# New



## pop593 (Jun 26, 2017)

G'day, I'm Arvin from Australia.
Looking forward to participate the forum and learn.


----------



## htfu (Mar 18, 2015)

hey man ... welcome to the forum, how is the antipodean season going?


----------



## pop593 (Jun 26, 2017)

lol.....ok so far. 
not much natural snow yet!


----------



## htfu (Mar 18, 2015)

damn, is the forecast looking good? you got any trips planned?


----------



## pop593 (Jun 26, 2017)

yeah, prey for snow!! There won't be dumped like crazy, but some on its way. Fingers/toes crossed. 

I had been traveling to Perisher (my nearest snowy mountain, 2 hours drive). 
I'd been there six days in total already, not all lifts are opened yet, however, it's still early for it. 
I would start panicking if we don't have decent dumps after Mid July.

u? r u planning to visit?
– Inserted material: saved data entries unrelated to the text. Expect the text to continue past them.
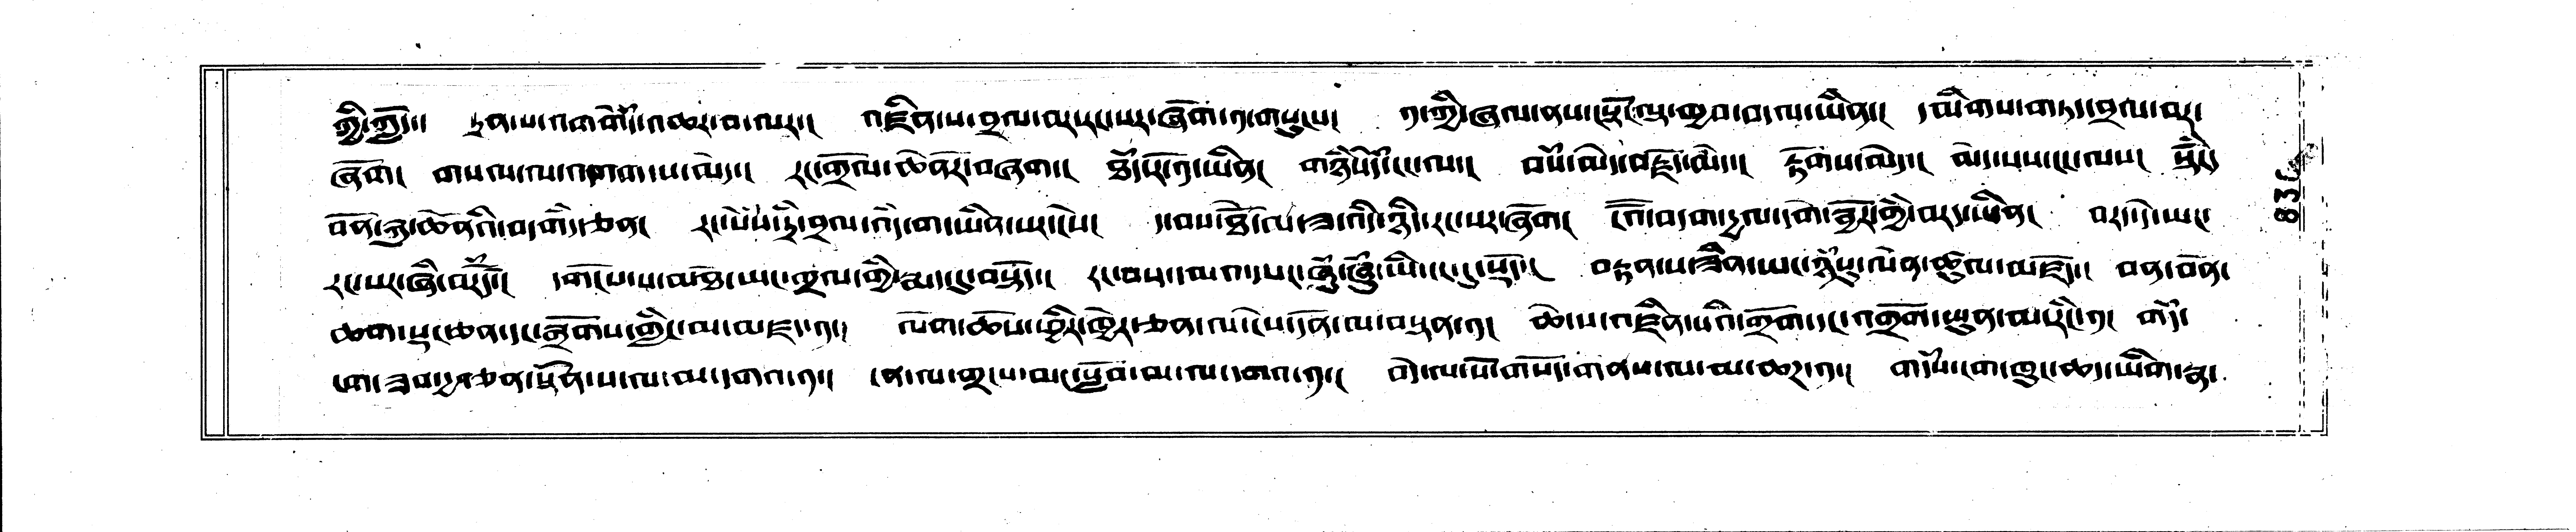ཀྱིས་ཀློད། དྲན་པ་འགག་མེད་འཆར་བ་ལར། འཛིན་པ་བྲལ་བར་རང་སར་ཞོག་ཅིག་གསུངས། གཅིག་ཀྱི་ཞལ་ནས། སྟོང་ལྟ་ཁྱབ་བདལ་ཡིན། དམིགས་གཏད་བྲལ་བར་
ཞོག གསལ་ལ་འགག་པ་མེད། རང་གྲོལ་ཆེན་པོར་བཞག ཐམས་ཅད་རོ་གཅིག་ཡིན། གཉིས་མེད་ངང་ལ། བསམ་མེད་བརྗོད་མེད། རྟོག་མེད། མེད་པའི་ངང་ལས། སྟོང་
ཉིད་བོན་སྐུ་ཆེན་པོའི་བདག་ཉིད་ཅན། །རང་སེམས་དྲི་བྲལ་འདི་ག་ཡིན་པར་ངེས། །དེ་བས་ཐེ་ཚོམ་མ་ཟ་འདི་ཉིད་རང་སར་ཞོག །ང་འོ་བདག་རྒྱལ་དགེ་སྦྱོར་གྱི་བར་ཆད་ཡིན། །བར་ཡང་
རང་སར་ཞི་བར་མཛོད། །དགོངས་པ་མཐོ་ཡང་གྲལ་གྱི་སྨད་དུ་བསྟོད། །རང་བས་དམའ་ཡང་ཞུམ་ཞུམ་ཡི་ངང་དུ་སྡོད། །བརྟན་ས་ཟིན་ཡང་ཉམས་སུ་ལེན་ཚུལ་མཛོད། །བན་བོན་
ཆགས་སྡང་ཅན་དང་སྒྲོག་གླེང་མ་མཛད་ཅིག །ལོག་ཆོས་ཕྱིར་ཁྱེར་ཅན་ལ་ངེས་དོན་མ་བསྟན་ཅིག །ཆེ་ས་འཛིན་པའི་གྲོགས་དང་འགྲོག་ཡུན་མ་རིང་ཅིག །གདམས་
ངག་ཟབ་རྒྱས་ཅན་སྟོན་པ་ལ་མ་དགའ་ཅིག །ངན་ལ་གྲངས་མང་སློབ་མ་ལ་མ་དགའ་ཅིག །བདེ་ལ་སོ་གསོད་གནས་ལ་མ་ཆགས་ཅིག །གདམས་ངག་ཁུངས་ཆད་ཡིག་སྣ་

XD


----------



## htfu (Mar 18, 2015)

not done any southern hemisphere trips yet, all of my focus is on a japan and a colorado trip with one to slovakia in early 2018 ... maybe more depending.


----------



## pop593 (Jun 26, 2017)

I'd been to Whistler Dec. 2016. It was epic..


----------



## htfu (Mar 18, 2015)

breckenridge in march 2018 for me ... along with whatever other resorts i can get to


----------